-- Data --

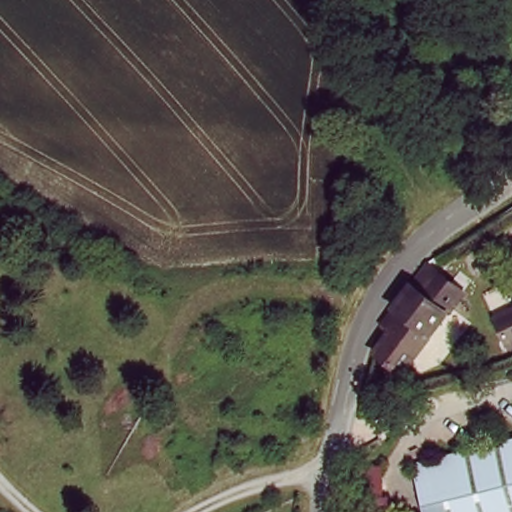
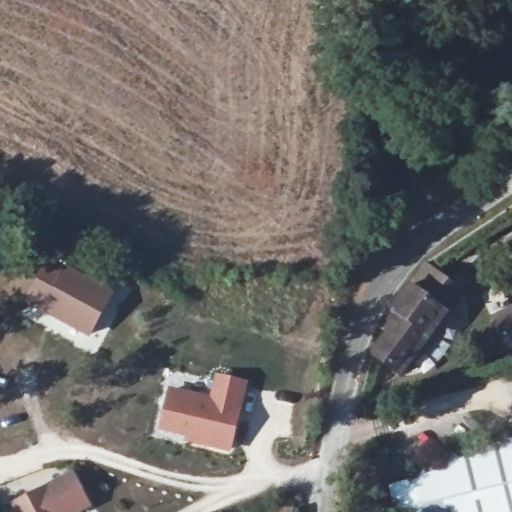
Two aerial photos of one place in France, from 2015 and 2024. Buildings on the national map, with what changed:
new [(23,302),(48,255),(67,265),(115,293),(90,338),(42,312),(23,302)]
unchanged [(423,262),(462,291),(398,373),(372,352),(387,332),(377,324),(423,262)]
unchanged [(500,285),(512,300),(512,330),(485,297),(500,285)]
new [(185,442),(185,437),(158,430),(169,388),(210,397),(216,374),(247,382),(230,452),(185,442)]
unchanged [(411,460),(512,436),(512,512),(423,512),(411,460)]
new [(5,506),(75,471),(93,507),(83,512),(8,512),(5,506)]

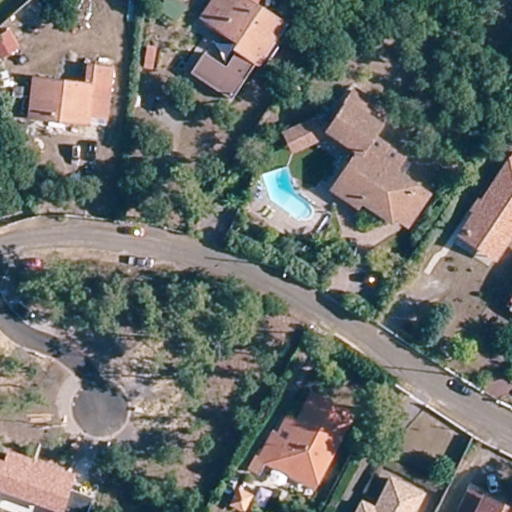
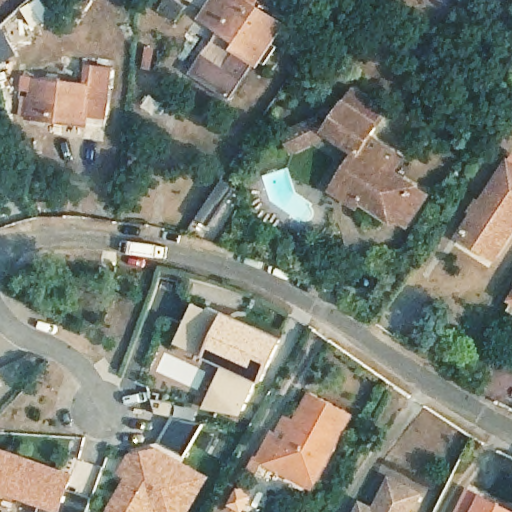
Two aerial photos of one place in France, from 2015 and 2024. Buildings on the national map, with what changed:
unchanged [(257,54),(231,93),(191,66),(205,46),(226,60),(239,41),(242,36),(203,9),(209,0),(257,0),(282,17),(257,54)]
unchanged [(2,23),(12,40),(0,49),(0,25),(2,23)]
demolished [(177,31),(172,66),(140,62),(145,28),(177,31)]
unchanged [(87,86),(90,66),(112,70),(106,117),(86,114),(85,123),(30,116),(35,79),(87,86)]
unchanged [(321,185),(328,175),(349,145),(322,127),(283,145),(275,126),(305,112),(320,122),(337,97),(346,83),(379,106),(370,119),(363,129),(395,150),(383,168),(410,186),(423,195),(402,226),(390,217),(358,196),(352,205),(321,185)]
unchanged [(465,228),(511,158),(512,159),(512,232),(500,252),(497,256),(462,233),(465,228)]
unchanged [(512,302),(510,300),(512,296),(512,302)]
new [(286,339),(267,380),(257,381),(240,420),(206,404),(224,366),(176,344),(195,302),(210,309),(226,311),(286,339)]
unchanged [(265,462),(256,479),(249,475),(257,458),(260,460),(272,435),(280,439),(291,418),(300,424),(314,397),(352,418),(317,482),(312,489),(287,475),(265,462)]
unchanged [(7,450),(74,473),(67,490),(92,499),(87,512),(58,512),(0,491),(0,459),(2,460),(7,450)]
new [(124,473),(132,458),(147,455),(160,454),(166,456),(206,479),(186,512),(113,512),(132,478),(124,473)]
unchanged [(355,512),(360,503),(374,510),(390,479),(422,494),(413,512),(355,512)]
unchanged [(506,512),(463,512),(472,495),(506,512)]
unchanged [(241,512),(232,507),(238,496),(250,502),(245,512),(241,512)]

-- What the task requires --
Pictures stay out; the entries above are to be output exactly as given.

-- Result for this task --
Two aerial photos of one place in France, from 2015 and 2024. Buildings on the national map, with what changed:
new [(23,302),(48,255),(67,265),(115,293),(90,338),(42,312),(23,302)]
unchanged [(423,262),(462,291),(398,373),(372,352),(387,332),(377,324),(423,262)]
unchanged [(500,285),(512,300),(512,330),(485,297),(500,285)]
new [(185,442),(185,437),(158,430),(169,388),(210,397),(216,374),(247,382),(230,452),(185,442)]
unchanged [(411,460),(512,436),(512,512),(423,512),(411,460)]
new [(5,506),(75,471),(93,507),(83,512),(8,512),(5,506)]

Two aerial photos of one place in France, from 2015 and 2024. Buildings on the national map, with what changed:
unchanged [(257,54),(231,93),(191,66),(205,46),(226,60),(239,41),(242,36),(203,9),(209,0),(257,0),(282,17),(257,54)]
unchanged [(2,23),(12,40),(0,49),(0,25),(2,23)]
demolished [(177,31),(172,66),(140,62),(145,28),(177,31)]
unchanged [(87,86),(90,66),(112,70),(106,117),(86,114),(85,123),(30,116),(35,79),(87,86)]
unchanged [(321,185),(328,175),(349,145),(322,127),(283,145),(275,126),(305,112),(320,122),(337,97),(346,83),(379,106),(370,119),(363,129),(395,150),(383,168),(410,186),(423,195),(402,226),(390,217),(358,196),(352,205),(321,185)]
unchanged [(465,228),(511,158),(512,159),(512,232),(500,252),(497,256),(462,233),(465,228)]
unchanged [(512,302),(510,300),(512,296),(512,302)]
new [(286,339),(267,380),(257,381),(240,420),(206,404),(224,366),(176,344),(195,302),(210,309),(226,311),(286,339)]
unchanged [(265,462),(256,479),(249,475),(257,458),(260,460),(272,435),(280,439),(291,418),(300,424),(314,397),(352,418),(317,482),(312,489),(287,475),(265,462)]
unchanged [(7,450),(74,473),(67,490),(92,499),(87,512),(58,512),(0,491),(0,459),(2,460),(7,450)]
new [(124,473),(132,458),(147,455),(160,454),(166,456),(206,479),(186,512),(113,512),(132,478),(124,473)]
unchanged [(355,512),(360,503),(374,510),(390,479),(422,494),(413,512),(355,512)]
unchanged [(506,512),(463,512),(472,495),(506,512)]
unchanged [(241,512),(232,507),(238,496),(250,502),(245,512),(241,512)]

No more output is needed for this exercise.